▶ [About this exercise] Please give back the listing below word for word and drop any images.

### Records ###

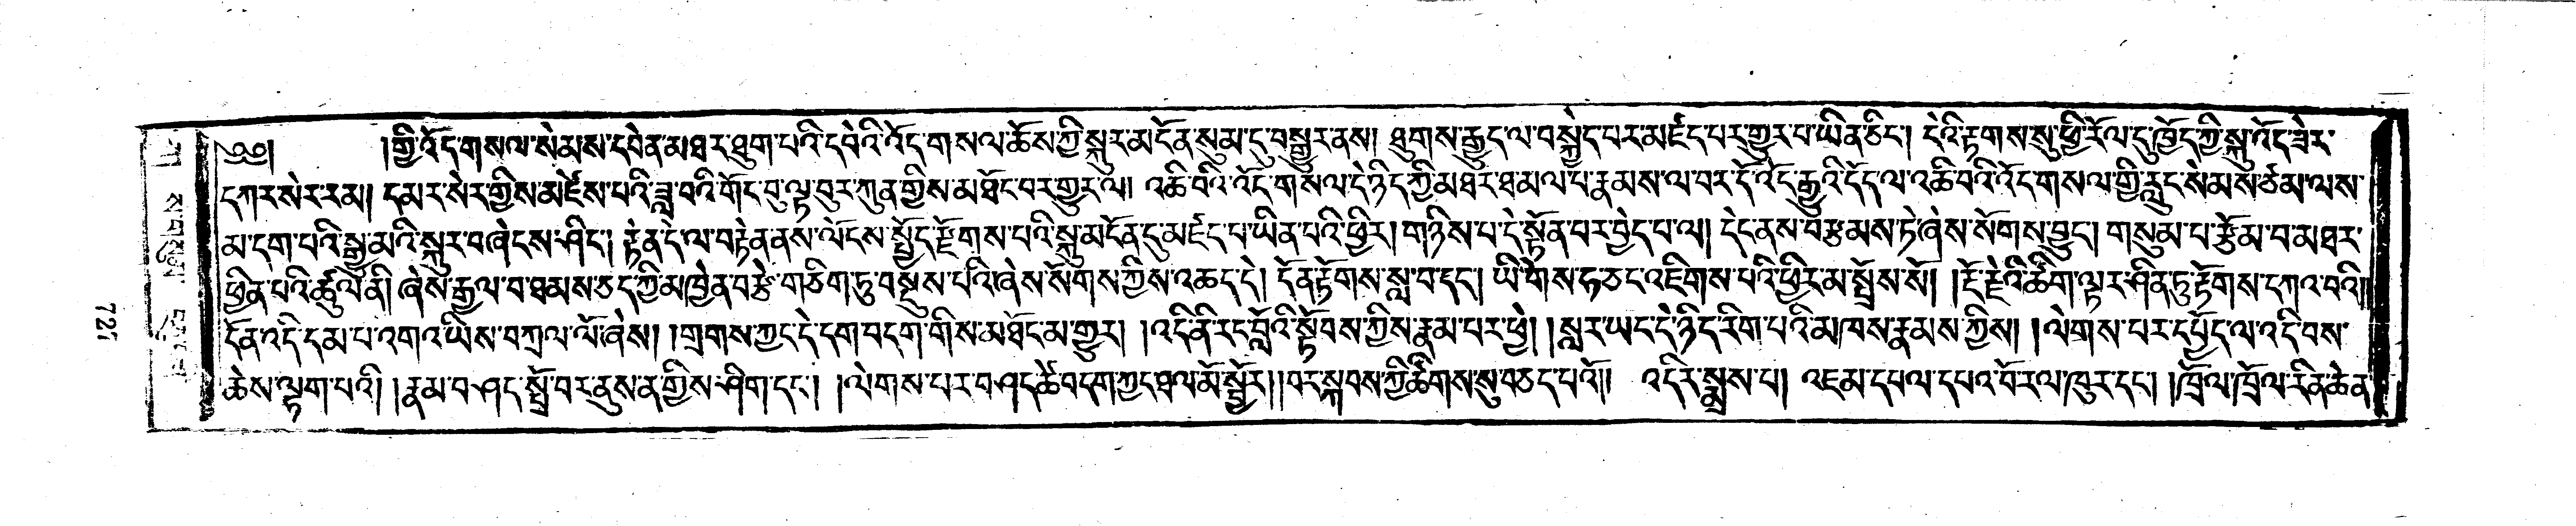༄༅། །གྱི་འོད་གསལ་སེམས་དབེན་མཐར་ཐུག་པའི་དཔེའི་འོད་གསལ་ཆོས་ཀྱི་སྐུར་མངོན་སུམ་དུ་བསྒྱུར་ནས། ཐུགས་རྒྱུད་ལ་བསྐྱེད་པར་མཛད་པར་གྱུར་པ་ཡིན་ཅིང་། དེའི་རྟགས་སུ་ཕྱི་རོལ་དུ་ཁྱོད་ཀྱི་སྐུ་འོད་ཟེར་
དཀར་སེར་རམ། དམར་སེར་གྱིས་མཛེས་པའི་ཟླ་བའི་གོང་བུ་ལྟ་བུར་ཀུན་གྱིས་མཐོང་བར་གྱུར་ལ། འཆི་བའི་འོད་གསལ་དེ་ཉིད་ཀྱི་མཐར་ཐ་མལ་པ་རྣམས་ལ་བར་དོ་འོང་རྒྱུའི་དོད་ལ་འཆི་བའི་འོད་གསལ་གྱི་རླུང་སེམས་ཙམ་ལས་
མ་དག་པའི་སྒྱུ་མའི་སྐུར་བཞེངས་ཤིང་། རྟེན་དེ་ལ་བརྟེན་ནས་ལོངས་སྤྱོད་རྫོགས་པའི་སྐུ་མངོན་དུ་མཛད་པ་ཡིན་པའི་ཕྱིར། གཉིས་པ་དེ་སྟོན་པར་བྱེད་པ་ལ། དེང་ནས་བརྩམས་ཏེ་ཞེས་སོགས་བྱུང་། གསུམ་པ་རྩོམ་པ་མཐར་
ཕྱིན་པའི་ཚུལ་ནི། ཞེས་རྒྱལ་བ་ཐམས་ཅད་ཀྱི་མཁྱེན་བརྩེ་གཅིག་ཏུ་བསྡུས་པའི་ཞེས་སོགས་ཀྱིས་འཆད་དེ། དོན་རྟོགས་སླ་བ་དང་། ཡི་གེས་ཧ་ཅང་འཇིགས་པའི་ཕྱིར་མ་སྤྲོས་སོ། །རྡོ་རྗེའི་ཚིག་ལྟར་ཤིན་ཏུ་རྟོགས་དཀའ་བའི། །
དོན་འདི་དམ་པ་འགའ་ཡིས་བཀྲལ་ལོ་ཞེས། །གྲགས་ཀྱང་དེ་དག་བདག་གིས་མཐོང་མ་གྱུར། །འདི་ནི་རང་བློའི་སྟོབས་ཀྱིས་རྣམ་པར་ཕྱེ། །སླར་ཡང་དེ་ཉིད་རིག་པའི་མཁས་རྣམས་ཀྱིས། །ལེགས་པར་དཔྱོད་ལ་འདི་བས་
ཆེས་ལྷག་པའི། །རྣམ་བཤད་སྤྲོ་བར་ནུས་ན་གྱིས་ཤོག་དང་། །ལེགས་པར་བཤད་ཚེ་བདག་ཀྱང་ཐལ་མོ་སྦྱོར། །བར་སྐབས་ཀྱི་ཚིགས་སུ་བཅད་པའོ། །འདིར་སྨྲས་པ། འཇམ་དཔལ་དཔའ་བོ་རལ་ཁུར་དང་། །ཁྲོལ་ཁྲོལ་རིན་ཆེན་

###

▶ [Result of this task]
༄༅། །གྱི་འོད་གསལ་སེམས་དབེན་མཐར་ཐུག་པའི་དཔེའི་འོད་གསལ་ཆོས་ཀྱི་སྐུར་མངོན་སུམ་དུ་བསྒྱུར་ནས། ཐུགས་རྒྱུད་ལ་བསྐྱེད་པར་མཛད་པར་གྱུར་པ་ཡིན་ཅིང་། དེའི་རྟགས་སུ་ཕྱི་རོལ་དུ་ཁྱོད་ཀྱི་སྐུ་འོད་ཟེར་
དཀར་སེར་རམ། དམར་སེར་གྱིས་མཛེས་པའི་ཟླ་བའི་གོང་བུ་ལྟ་བུར་ཀུན་གྱིས་མཐོང་བར་གྱུར་ལ། འཆི་བའི་འོད་གསལ་དེ་ཉིད་ཀྱི་མཐར་ཐ་མལ་པ་རྣམས་ལ་བར་དོ་འོང་རྒྱུའི་དོད་ལ་འཆི་བའི་འོད་གསལ་གྱི་རླུང་སེམས་ཙམ་ལས་
མ་དག་པའི་སྒྱུ་མའི་སྐུར་བཞེངས་ཤིང་། རྟེན་དེ་ལ་བརྟེན་ནས་ལོངས་སྤྱོད་རྫོགས་པའི་སྐུ་མངོན་དུ་མཛད་པ་ཡིན་པའི་ཕྱིར། གཉིས་པ་དེ་སྟོན་པར་བྱེད་པ་ལ། དེང་ནས་བརྩམས་ཏེ་ཞེས་སོགས་བྱུང་། གསུམ་པ་རྩོམ་པ་མཐར་
ཕྱིན་པའི་ཚུལ་ནི། ཞེས་རྒྱལ་བ་ཐམས་ཅད་ཀྱི་མཁྱེན་བརྩེ་གཅིག་ཏུ་བསྡུས་པའི་ཞེས་སོགས་ཀྱིས་འཆད་དེ། དོན་རྟོགས་སླ་བ་དང་། ཡི་གེས་ཧ་ཅང་འཇིགས་པའི་ཕྱིར་མ་སྤྲོས་སོ། །རྡོ་རྗེའི་ཚིག་ལྟར་ཤིན་ཏུ་རྟོགས་དཀའ་བའི། །
དོན་འདི་དམ་པ་འགའ་ཡིས་བཀྲལ་ལོ་ཞེས། །གྲགས་ཀྱང་དེ་དག་བདག་གིས་མཐོང་མ་གྱུར། །འདི་ནི་རང་བློའི་སྟོབས་ཀྱིས་རྣམ་པར་ཕྱེ། །སླར་ཡང་དེ་ཉིད་རིག་པའི་མཁས་རྣམས་ཀྱིས། །ལེགས་པར་དཔྱོད་ལ་འདི་བས་
ཆེས་ལྷག་པའི། །རྣམ་བཤད་སྤྲོ་བར་ནུས་ན་གྱིས་ཤོག་དང་། །ལེགས་པར་བཤད་ཚེ་བདག་ཀྱང་ཐལ་མོ་སྦྱོར། །བར་སྐབས་ཀྱི་ཚིགས་སུ་བཅད་པའོ། །འདིར་སྨྲས་པ། འཇམ་དཔལ་དཔའ་བོ་རལ་ཁུར་དང་། །ཁྲོལ་ཁྲོལ་རིན་ཆེན་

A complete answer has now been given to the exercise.